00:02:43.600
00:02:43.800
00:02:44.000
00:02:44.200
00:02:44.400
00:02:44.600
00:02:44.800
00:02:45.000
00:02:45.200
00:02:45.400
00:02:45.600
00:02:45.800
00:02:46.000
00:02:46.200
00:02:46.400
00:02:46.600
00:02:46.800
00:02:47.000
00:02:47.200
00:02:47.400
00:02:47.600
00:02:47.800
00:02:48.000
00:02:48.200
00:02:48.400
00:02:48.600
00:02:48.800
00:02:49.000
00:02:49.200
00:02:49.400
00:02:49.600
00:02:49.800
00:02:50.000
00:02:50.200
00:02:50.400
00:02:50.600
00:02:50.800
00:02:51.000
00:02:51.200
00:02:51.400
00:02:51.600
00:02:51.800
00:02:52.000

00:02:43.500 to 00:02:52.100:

::::::::::

What is expected: Exactly reproduce the line containing "00:02:44.200" and all lines after it in the material, stopping only at the end.

The answer:
00:02:44.200
00:02:44.400
00:02:44.600
00:02:44.800
00:02:45.000
00:02:45.200
00:02:45.400
00:02:45.600
00:02:45.800
00:02:46.000
00:02:46.200
00:02:46.400
00:02:46.600
00:02:46.800
00:02:47.000
00:02:47.200
00:02:47.400
00:02:47.600
00:02:47.800
00:02:48.000
00:02:48.200
00:02:48.400
00:02:48.600
00:02:48.800
00:02:49.000
00:02:49.200
00:02:49.400
00:02:49.600
00:02:49.800
00:02:50.000
00:02:50.200
00:02:50.400
00:02:50.600
00:02:50.800
00:02:51.000
00:02:51.200
00:02:51.400
00:02:51.600
00:02:51.800
00:02:52.000

00:02:43.500 to 00:02:52.100:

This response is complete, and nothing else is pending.